Rabu, 24 Agustus 2011

APA YANG DULU HILANG, KINI KU TEMUKAN KEMBALI







Hidup di kota besar dan tinggal di kawasan elit memaksa keluarga ini berpacu dengan tuntutan dan harapan. Suami yang punya ambisi segudang dan obsesi membara selalu berjuang untuk mampu meggapai “mimpinya” menduduki jabatan penting di salah satu perusahaan terkenal. Sebagai seorang suami, terlebih lagi sebagai seorang pria, ia tidak mau, isterinya lebih bagus kerjanya. Ia juga tidak suka kalau gaji sang isterinya lebih tinggi dari gajinya. Apakah ini karena ia sungguh sangat mencintai isterinya??? Hanya ia yang tahu. Tetapi yang jelas gengsinya luar biasa,,,,,Ia malu dan minder bila kalah pamor dengan isterinya. Karena itu, isterinya tidak boleh melebihi dia dalam segala hal.

Bagaimana dengan isterinya? Sejak mereka menikah kira-kira 15 tahun yang lalu, ia sebenarnya sudah menemukan “signal” yang kurang bagus dari suaminya. Ia kadang berpikir sendiri, “Mengapa suaminya begitu gengsi berhadapan dengan dirinya?? Mengapa ia malu dan minder bila saya lebih tinggi darinya dalam pekerjaan dan soal gaji? Aku bukan orang lain untuk dirinya dan ia juga bukan orang lain untuk ku. Kami suami- isteri yang telah dipersatukan Allah dalam sakramen pernikahan. Sebenarnya tidak ada lagi gengsi, minder, apalagi persaingan; kerja siapa lebih bagus dan gaji siapa yang lebih tinggi,,, toh semua “income” masuk ke keluarga.” Untuk isterinya, lebih penting cinta, sapaan, kehadiran, waktu bersama dan sharing keluarga daripada asesories materi.

Materi, pangkat dan kedudukan, toh,, sudah berada dalam genggaman mereka tetapi seiring dengan itu, kebersamaan yang seharusnya mereka bina mulai hilang terkikis oleh kesibukan. Rasa gersang dan hambar mulai terasa di keluarga ini.

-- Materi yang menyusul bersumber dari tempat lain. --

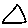
Label: triangle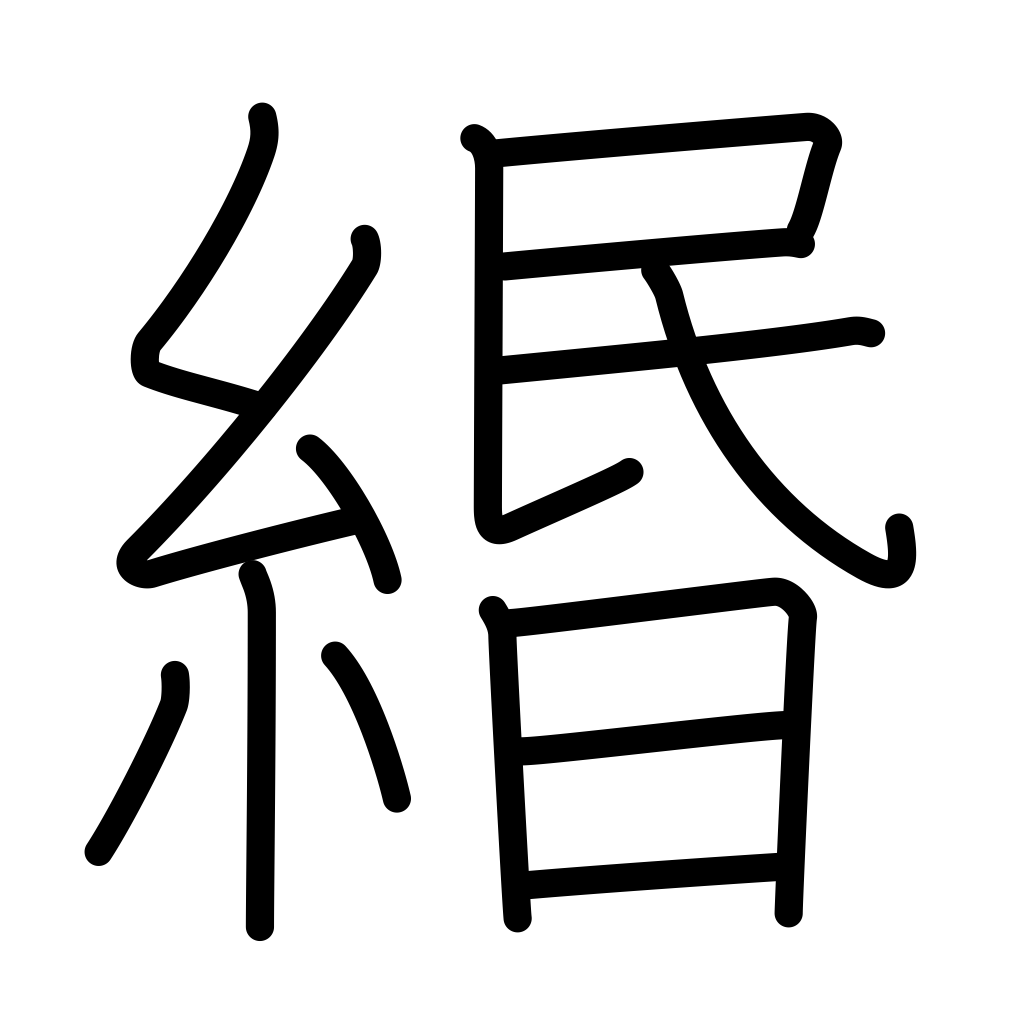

Apa yang dicemaskan oleh sang suami terjadi. Bumi berputar,, dan jaman berubah. Terpaan badai dahsyat menghantam perusahaan yang dipimpinnya. Sebagai orang tertinggi, ia yang harus bertanggung jawab. Ia diberhentikan oleh pemilik perusahaan itu. Ia stress, down,, malu, minder terhadap dirinya dan isterinya. Ia selalu dihantui pertanyaan, “APAKAH ISTERINYA MASIH TETAP MENCINTAINYA DALAM KEADAAN PENGANGGURAN?? Karena stress yang berkepanjangan ia mengalami stroke.

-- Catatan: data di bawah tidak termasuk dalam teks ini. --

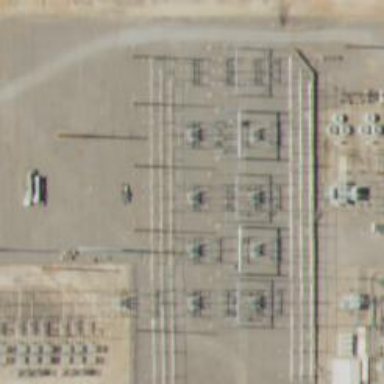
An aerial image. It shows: Switch used for power control.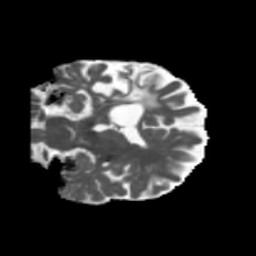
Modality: MD
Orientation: coronal
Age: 69
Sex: female
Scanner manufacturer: siemens
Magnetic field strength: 3 T
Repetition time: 5.47 s
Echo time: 0.0854 s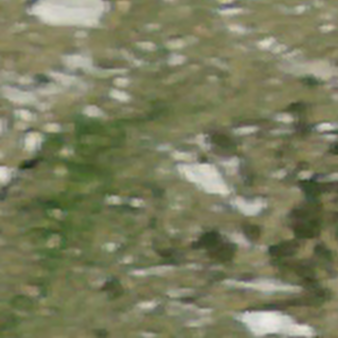
Label: other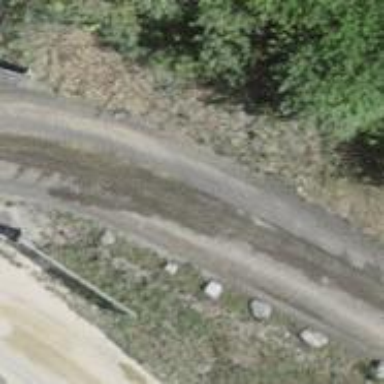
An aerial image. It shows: Service road with unpaved surface.

Isterinya,,, punya cinta sejati dan kasih abadi. Sedikitpun rasa dan perasaan cinta tidak pernah luntur dari hatinya karena ia mencintainya sebagai seorang pribadi yang telah dihadiahkan Allah untuknya. Atau sebaliknya, ia mencintai suaminya bukan karena jabatan, pangkat dan materi yang dulu diperolehnya.

Maka ia setia mendampingi suaminya. Ia selalu menyemangati suami dalam ketidak berdayaannya, “Aku tetap mencintaimu,,,, aku selalu mengasihimu, bahkan cintaku melebihi saat kita pertama kali memupuk dan merajut cinta,,,, pacaran. Bahkan melebihi cintaku saat kita bersatu dalam sakramen pernikahan 15 tahun yang lalu. Apa yang hilang kini kutemukan kembali, yakni kebersamaan dan kehadiran dirimu, walau itu terjadi di rumah sakit ini. Kini kamu punya waktu banyak untuk saya dan anak, walau itu nyata saat kamu tidak berdaya. Sapaan kasih dan cinta ini, menguatkan sang suami. Perlahan namun pasti,,,, ia kembali memperoleh semangat hidup..

Saudara-I terkasih dan teman-teman sekalian. Benar bahwa kita mempunyai banyak mimpi, angan, tekad, motivasi, ambisi dan obsesi. Tetapi satu hal yang tidak boleh kita lupakan ialah, kebersamaan dan kehadiran dalam keluarga. Buatlah kebersamaan dan kesatuan dalam keluarga menjadi momen terindah untuk menata hidup yang semakin baik dan bermutu. Landaskan dan letakkanlah kesatuan cinta kasih atas dasar kesetiaan, keterbukaan, dialog dan bukan atas dasar materi, pangkat dan jabatan. Dan penting, letakkanlah alas rumahmu atas Kasih Allah. Semoga.